From the data underneath, reproduce exactly the stretch that begins at the line with "62.514C47.306 62.514 51.914" and ends after the line with "20.262C78.321 18.421 79.551".

Collected data
◇ ◇ ◇
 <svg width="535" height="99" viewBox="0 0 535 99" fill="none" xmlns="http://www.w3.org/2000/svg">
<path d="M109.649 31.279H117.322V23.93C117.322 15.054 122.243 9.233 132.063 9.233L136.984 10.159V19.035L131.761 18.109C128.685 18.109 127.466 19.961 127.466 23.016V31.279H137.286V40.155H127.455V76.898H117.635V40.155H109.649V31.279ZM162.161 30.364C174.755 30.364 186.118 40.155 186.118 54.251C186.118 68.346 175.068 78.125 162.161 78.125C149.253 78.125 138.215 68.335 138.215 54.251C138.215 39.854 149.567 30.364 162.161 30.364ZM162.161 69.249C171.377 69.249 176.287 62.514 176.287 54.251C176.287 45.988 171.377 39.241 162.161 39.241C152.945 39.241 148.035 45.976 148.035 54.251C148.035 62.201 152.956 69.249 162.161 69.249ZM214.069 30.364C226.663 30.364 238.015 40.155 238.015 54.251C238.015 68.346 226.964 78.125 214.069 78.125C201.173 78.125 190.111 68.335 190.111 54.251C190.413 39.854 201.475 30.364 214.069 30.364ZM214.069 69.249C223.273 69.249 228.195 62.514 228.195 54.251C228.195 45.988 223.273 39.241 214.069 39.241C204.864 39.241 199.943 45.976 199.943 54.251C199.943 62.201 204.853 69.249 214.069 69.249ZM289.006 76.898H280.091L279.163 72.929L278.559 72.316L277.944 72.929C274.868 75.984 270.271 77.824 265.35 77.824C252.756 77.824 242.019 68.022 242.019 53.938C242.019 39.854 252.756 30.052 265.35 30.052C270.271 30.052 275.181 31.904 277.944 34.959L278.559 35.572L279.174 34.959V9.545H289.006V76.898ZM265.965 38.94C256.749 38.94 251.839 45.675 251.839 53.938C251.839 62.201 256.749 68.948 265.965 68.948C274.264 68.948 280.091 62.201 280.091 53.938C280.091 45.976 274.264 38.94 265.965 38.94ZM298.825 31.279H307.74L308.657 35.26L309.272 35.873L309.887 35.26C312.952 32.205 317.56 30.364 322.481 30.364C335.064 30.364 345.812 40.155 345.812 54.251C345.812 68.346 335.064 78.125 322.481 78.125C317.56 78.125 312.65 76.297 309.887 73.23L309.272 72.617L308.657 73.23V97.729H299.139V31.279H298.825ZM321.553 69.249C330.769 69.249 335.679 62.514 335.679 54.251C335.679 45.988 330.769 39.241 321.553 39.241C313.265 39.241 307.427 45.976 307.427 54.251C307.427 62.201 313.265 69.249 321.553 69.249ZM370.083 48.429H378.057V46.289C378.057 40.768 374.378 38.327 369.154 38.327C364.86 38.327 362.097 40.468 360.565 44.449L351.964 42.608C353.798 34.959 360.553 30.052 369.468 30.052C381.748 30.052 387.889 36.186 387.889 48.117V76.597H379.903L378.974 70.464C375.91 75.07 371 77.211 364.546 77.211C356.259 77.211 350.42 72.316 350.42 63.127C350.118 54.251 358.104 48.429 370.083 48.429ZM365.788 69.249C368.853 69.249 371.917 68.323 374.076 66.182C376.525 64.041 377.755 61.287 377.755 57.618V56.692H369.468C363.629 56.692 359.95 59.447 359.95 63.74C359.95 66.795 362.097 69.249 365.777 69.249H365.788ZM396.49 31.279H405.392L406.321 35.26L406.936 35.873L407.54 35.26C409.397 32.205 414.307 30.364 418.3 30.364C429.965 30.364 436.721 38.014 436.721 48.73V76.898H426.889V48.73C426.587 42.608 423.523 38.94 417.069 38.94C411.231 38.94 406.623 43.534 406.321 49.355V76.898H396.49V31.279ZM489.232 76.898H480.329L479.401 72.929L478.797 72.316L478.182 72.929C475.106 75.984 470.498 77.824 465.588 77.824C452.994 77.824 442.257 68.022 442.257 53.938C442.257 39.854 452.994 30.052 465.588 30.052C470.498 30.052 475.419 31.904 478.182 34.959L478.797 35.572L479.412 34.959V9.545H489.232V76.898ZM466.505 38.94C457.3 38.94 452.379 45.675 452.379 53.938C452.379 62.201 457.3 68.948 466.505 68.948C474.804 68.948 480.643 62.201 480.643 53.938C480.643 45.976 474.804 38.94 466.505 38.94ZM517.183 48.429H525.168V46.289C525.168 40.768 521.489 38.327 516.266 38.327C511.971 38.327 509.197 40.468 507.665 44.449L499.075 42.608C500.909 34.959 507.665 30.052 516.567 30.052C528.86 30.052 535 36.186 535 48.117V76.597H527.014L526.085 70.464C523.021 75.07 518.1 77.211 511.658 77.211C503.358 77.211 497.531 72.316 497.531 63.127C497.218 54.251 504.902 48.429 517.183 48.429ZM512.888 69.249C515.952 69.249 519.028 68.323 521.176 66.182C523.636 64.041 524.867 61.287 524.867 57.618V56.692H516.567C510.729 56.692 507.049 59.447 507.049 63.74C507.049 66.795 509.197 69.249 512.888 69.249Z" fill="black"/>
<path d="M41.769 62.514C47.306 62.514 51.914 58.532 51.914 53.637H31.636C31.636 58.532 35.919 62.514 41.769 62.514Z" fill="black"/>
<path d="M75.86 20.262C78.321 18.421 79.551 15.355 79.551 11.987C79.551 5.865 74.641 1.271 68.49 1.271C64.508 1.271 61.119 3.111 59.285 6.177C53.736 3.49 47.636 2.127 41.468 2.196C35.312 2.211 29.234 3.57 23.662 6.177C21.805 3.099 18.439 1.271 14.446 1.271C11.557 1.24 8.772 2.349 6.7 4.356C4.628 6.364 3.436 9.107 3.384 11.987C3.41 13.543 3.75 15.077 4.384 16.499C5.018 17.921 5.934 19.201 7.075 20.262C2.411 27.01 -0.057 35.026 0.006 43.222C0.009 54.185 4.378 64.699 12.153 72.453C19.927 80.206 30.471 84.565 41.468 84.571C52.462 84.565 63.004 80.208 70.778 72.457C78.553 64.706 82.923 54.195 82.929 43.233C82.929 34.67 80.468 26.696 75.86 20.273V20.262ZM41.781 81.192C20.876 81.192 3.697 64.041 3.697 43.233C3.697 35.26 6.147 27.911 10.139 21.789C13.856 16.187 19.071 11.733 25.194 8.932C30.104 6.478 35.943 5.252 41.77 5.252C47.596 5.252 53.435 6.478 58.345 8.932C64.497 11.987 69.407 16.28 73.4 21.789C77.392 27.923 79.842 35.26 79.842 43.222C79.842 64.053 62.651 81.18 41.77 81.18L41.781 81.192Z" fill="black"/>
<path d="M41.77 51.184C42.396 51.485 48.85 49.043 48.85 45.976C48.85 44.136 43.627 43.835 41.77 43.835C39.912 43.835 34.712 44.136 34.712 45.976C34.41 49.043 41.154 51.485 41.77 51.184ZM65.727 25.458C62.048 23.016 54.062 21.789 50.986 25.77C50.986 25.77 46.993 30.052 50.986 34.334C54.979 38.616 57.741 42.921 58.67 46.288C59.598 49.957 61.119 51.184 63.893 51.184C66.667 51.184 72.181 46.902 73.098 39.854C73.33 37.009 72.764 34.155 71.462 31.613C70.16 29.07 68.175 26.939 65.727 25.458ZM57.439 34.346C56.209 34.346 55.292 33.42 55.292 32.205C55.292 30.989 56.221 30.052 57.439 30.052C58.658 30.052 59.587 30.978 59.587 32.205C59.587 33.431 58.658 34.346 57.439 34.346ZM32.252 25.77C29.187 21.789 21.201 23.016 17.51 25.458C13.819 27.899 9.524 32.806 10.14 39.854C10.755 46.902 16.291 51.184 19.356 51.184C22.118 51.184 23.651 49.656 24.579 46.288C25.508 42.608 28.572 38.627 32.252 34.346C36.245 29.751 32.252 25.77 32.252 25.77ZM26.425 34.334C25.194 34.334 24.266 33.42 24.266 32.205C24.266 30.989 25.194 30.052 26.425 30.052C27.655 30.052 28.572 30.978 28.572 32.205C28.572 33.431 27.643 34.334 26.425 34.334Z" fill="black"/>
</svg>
◇ ◇ ◇
_Exercise output_.
<path d="M41.769 62.514C47.306 62.514 51.914 58.532 51.914 53.637H31.636C31.636 58.532 35.919 62.514 41.769 62.514Z" fill="black"/>
<path d="M75.86 20.262C78.321 18.421 79.551 15.355 79.551 11.987C79.551 5.865 74.641 1.271 68.49 1.271C64.508 1.271 61.119 3.111 59.285 6.177C53.736 3.49 47.636 2.127 41.468 2.196C35.312 2.211 29.234 3.57 23.662 6.177C21.805 3.099 18.439 1.271 14.446 1.271C11.557 1.24 8.772 2.349 6.7 4.356C4.628 6.364 3.436 9.107 3.384 11.987C3.41 13.543 3.75 15.077 4.384 16.499C5.018 17.921 5.934 19.201 7.075 20.262C2.411 27.01 -0.057 35.026 0.006 43.222C0.009 54.185 4.378 64.699 12.153 72.453C19.927 80.206 30.471 84.565 41.468 84.571C52.462 84.565 63.004 80.208 70.778 72.457C78.553 64.706 82.923 54.195 82.929 43.233C82.929 34.67 80.468 26.696 75.86 20.273V20.262ZM41.781 81.192C20.876 81.192 3.697 64.041 3.697 43.233C3.697 35.26 6.147 27.911 10.139 21.789C13.856 16.187 19.071 11.733 25.194 8.932C30.104 6.478 35.943 5.252 41.77 5.252C47.596 5.252 53.435 6.478 58.345 8.932C64.497 11.987 69.407 16.28 73.4 21.789C77.392 27.923 79.842 35.26 79.842 43.222C79.842 64.053 62.651 81.18 41.77 81.18L41.781 81.192Z" fill="black"/>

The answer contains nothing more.